*TO DO*
Below are records that contain pictures; transcribe the text exactly and omit the pictures.

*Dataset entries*

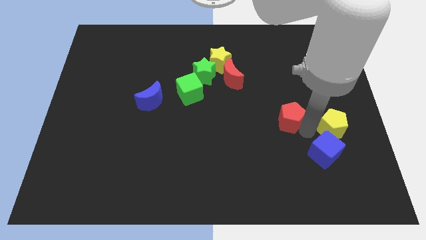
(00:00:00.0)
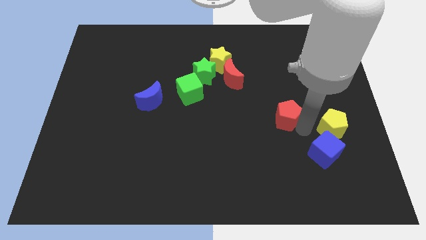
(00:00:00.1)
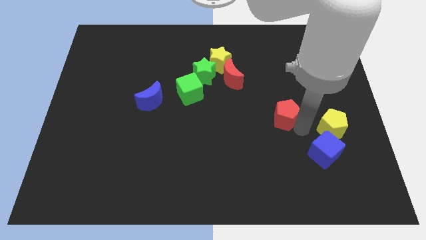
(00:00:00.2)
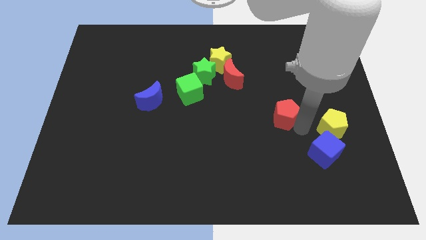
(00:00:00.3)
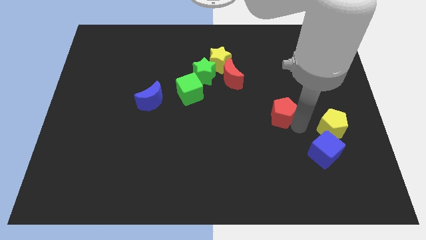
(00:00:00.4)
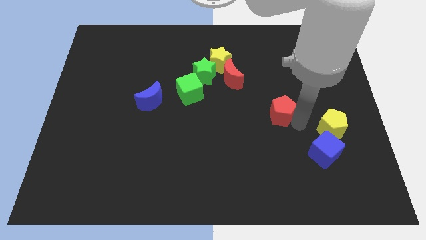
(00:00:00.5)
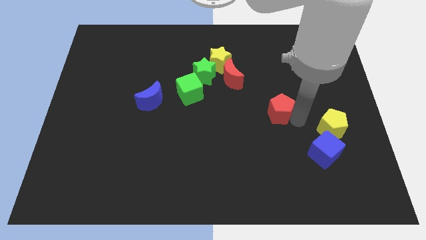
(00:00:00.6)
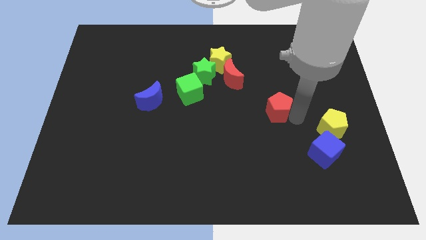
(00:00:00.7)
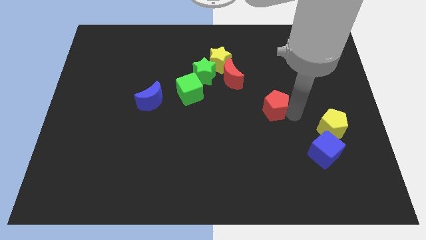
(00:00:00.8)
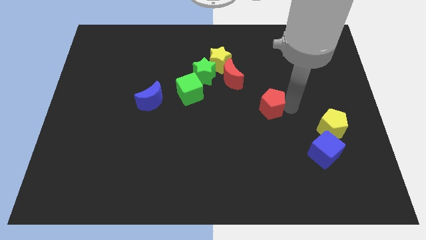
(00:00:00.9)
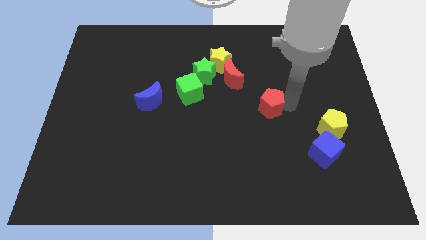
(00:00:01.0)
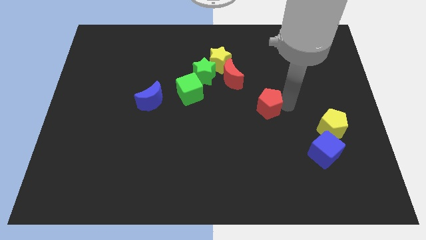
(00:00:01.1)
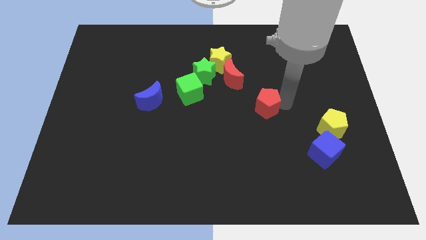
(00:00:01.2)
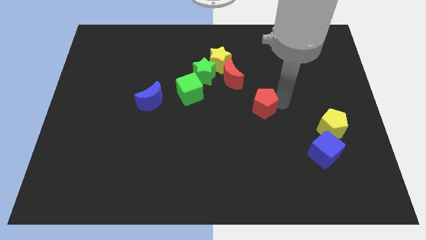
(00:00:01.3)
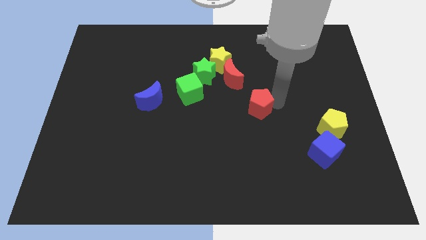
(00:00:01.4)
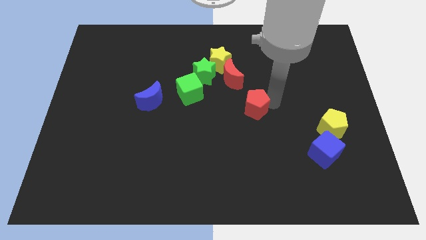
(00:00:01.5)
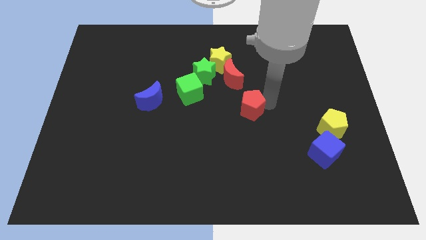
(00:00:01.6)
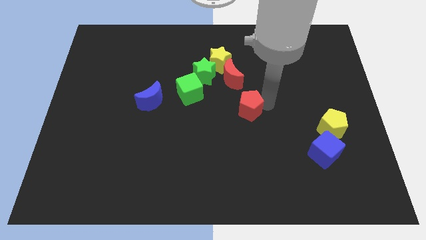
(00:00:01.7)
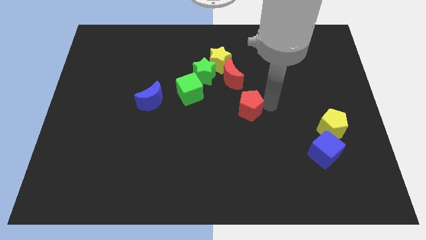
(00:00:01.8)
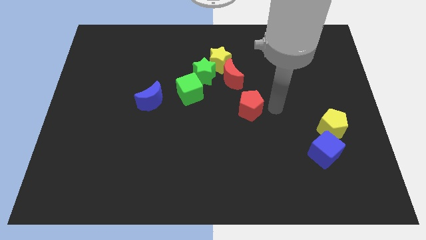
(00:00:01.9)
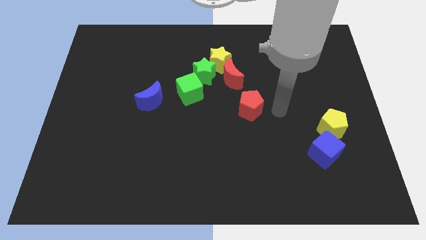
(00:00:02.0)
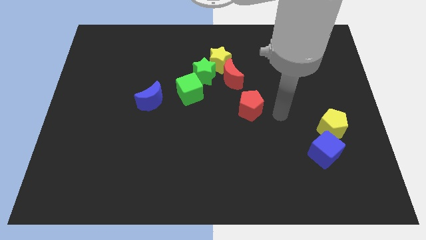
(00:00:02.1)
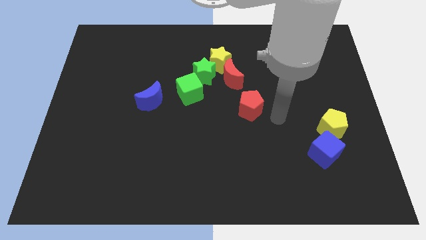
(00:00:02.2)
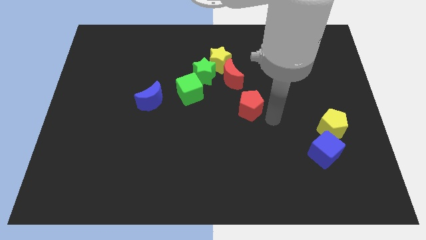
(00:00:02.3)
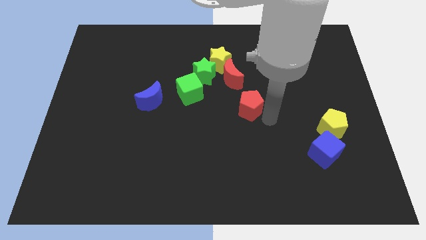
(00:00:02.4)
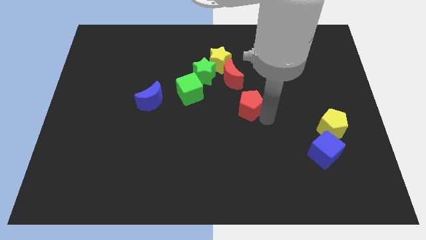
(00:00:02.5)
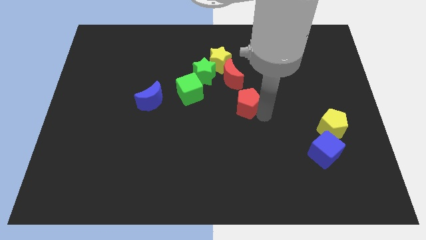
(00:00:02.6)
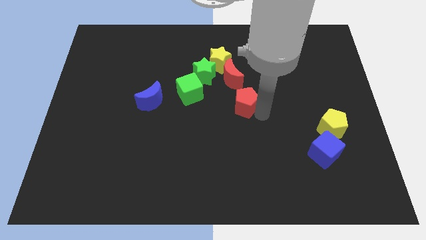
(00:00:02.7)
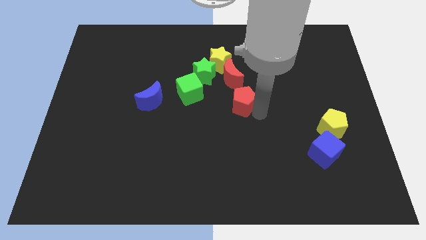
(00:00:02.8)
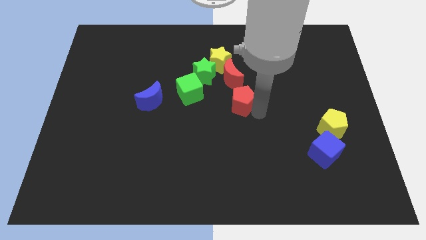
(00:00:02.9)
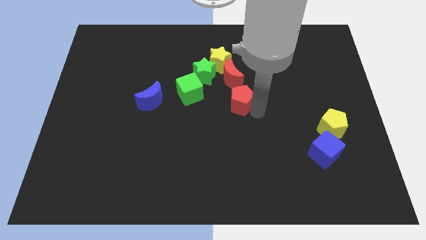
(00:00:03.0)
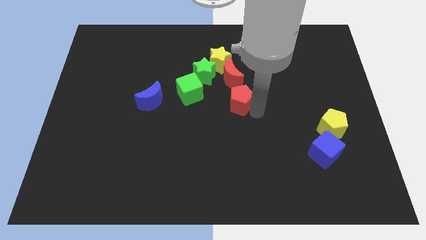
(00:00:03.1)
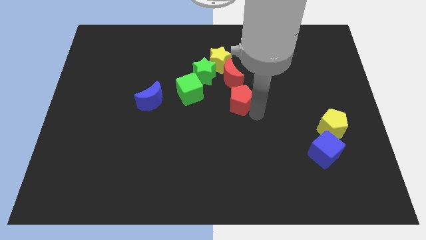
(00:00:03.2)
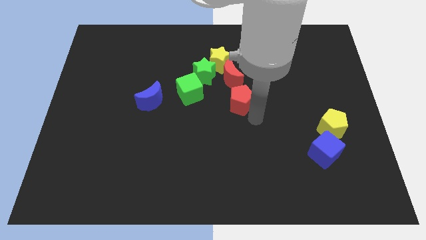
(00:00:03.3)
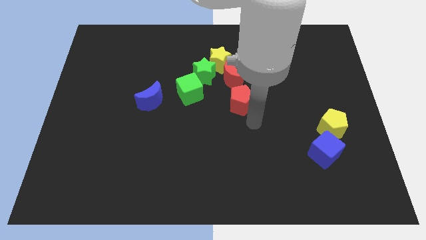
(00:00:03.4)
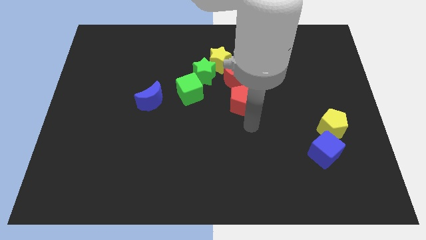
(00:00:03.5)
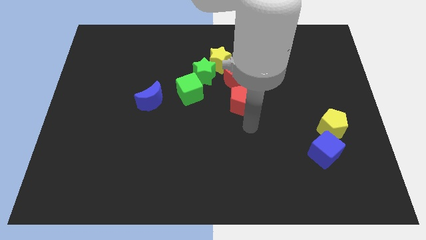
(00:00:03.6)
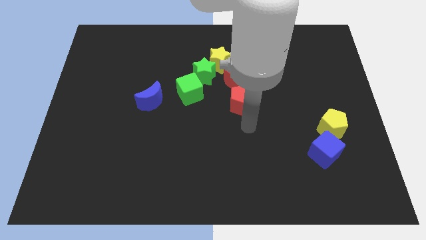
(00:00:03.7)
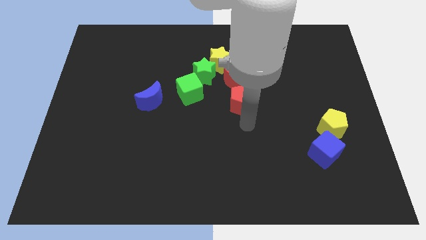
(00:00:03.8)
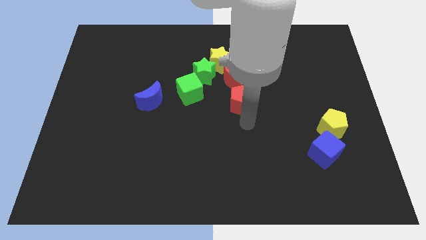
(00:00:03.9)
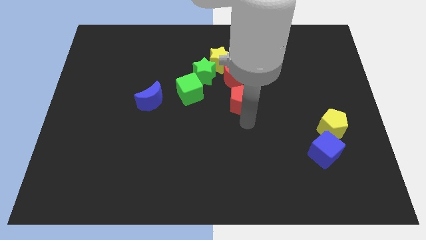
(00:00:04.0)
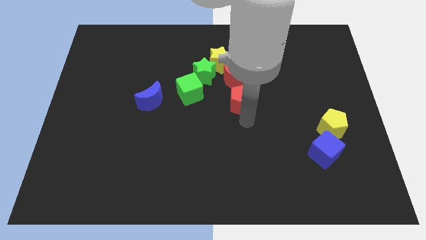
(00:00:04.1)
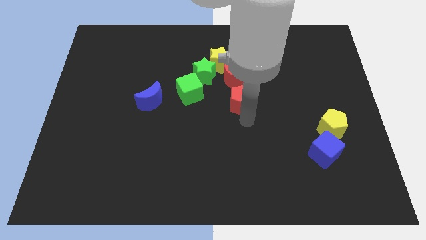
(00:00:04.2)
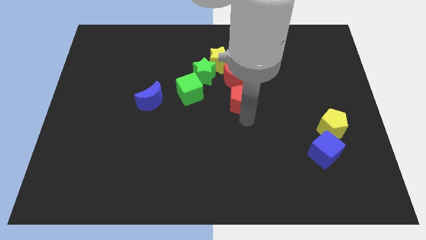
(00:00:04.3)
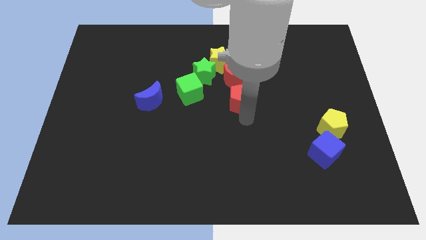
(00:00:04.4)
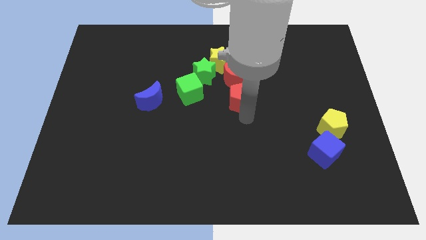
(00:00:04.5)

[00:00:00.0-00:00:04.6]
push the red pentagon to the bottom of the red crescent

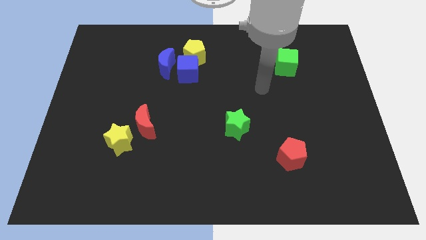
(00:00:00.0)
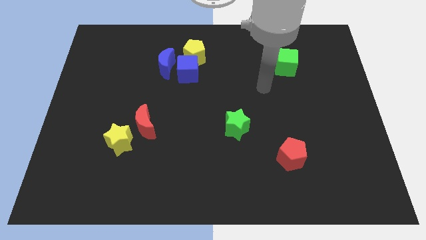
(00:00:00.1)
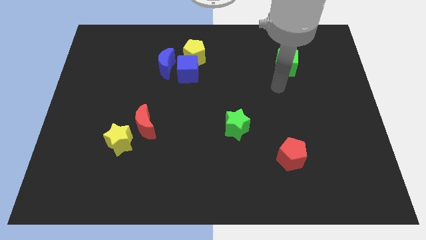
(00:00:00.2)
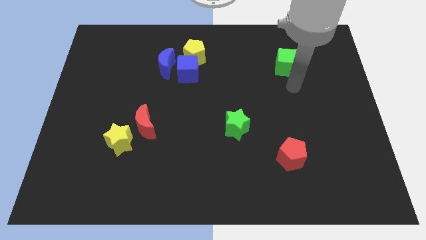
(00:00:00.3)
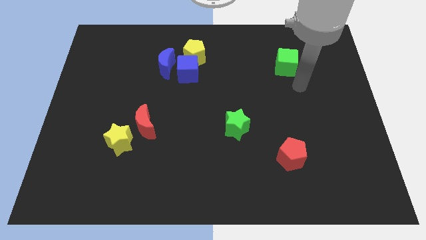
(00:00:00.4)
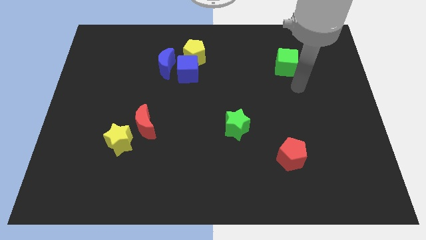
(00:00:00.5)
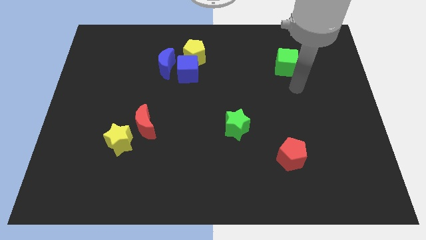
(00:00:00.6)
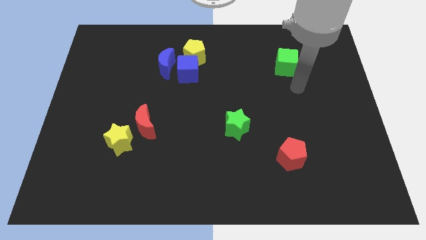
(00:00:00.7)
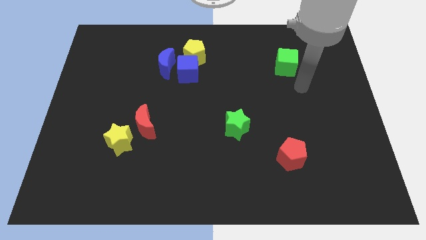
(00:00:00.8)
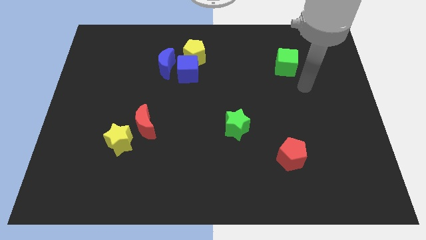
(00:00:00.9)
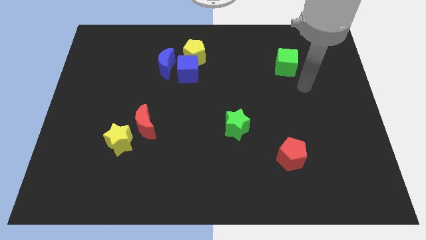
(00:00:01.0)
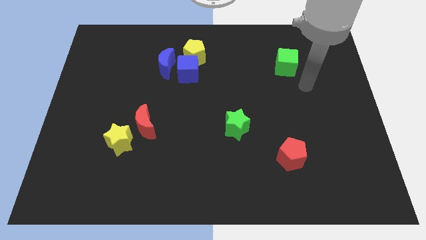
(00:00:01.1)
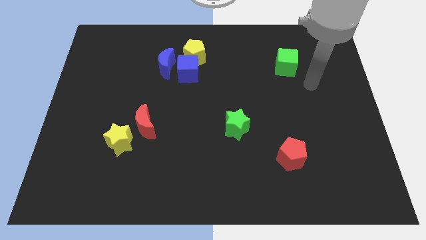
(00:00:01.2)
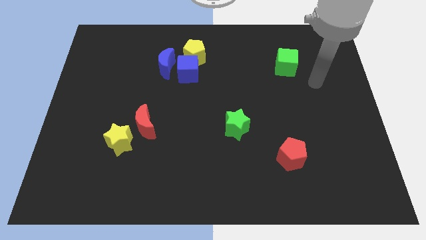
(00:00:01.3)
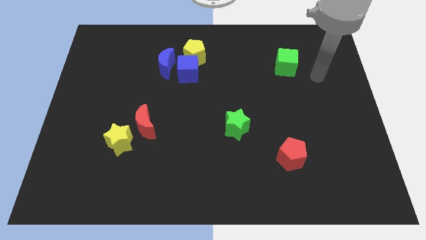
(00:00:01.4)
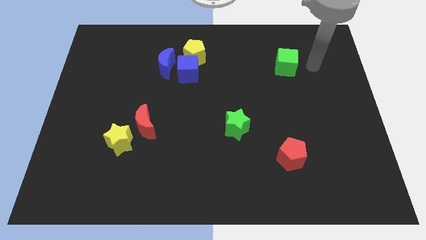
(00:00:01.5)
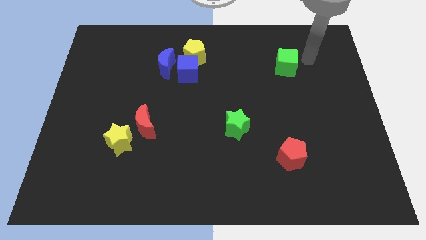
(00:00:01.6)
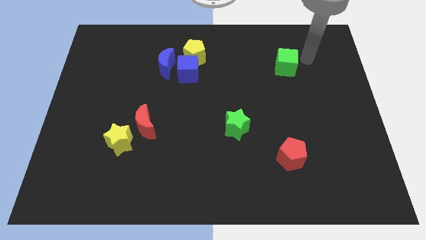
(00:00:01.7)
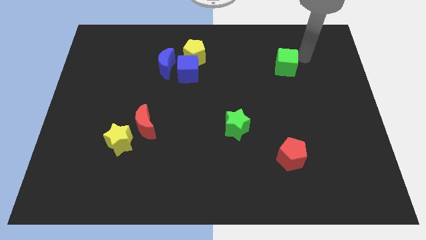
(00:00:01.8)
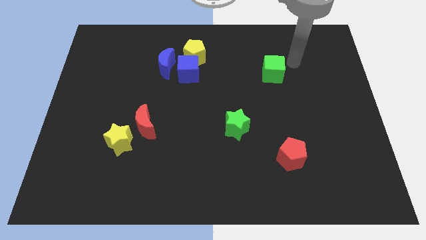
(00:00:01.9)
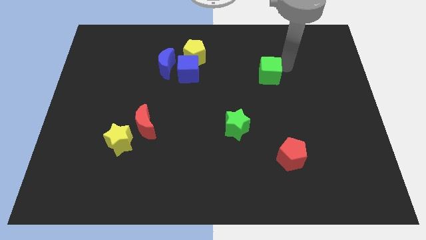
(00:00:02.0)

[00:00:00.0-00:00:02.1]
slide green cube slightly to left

*RESPONSE TO THIS TASK*
(00:00:00.0)
(00:00:00.1)
(00:00:00.2)
(00:00:00.3)
(00:00:00.4)
(00:00:00.5)
(00:00:00.6)
(00:00:00.7)
(00:00:00.8)
(00:00:00.9)
(00:00:01.0)
(00:00:01.1)
(00:00:01.2)
(00:00:01.3)
(00:00:01.4)
(00:00:01.5)
(00:00:01.6)
(00:00:01.7)
(00:00:01.8)
(00:00:01.9)
(00:00:02.0)
(00:00:02.1)
(00:00:02.2)
(00:00:02.3)
(00:00:02.4)
(00:00:02.5)
(00:00:02.6)
(00:00:02.7)
(00:00:02.8)
(00:00:02.9)
(00:00:03.0)
(00:00:03.1)
(00:00:03.2)
(00:00:03.3)
(00:00:03.4)
(00:00:03.5)
(00:00:03.6)
(00:00:03.7)
(00:00:03.8)
(00:00:03.9)
(00:00:04.0)
(00:00:04.1)
(00:00:04.2)
(00:00:04.3)
(00:00:04.4)
(00:00:04.5)

[00:00:00.0-00:00:04.6]
push the red pentagon to the bottom of the red crescent

(00:00:00.0)
(00:00:00.1)
(00:00:00.2)
(00:00:00.3)
(00:00:00.4)
(00:00:00.5)
(00:00:00.6)
(00:00:00.7)
(00:00:00.8)
(00:00:00.9)
(00:00:01.0)
(00:00:01.1)
(00:00:01.2)
(00:00:01.3)
(00:00:01.4)
(00:00:01.5)
(00:00:01.6)
(00:00:01.7)
(00:00:01.8)
(00:00:01.9)
(00:00:02.0)

[00:00:00.0-00:00:02.1]
slide green cube slightly to left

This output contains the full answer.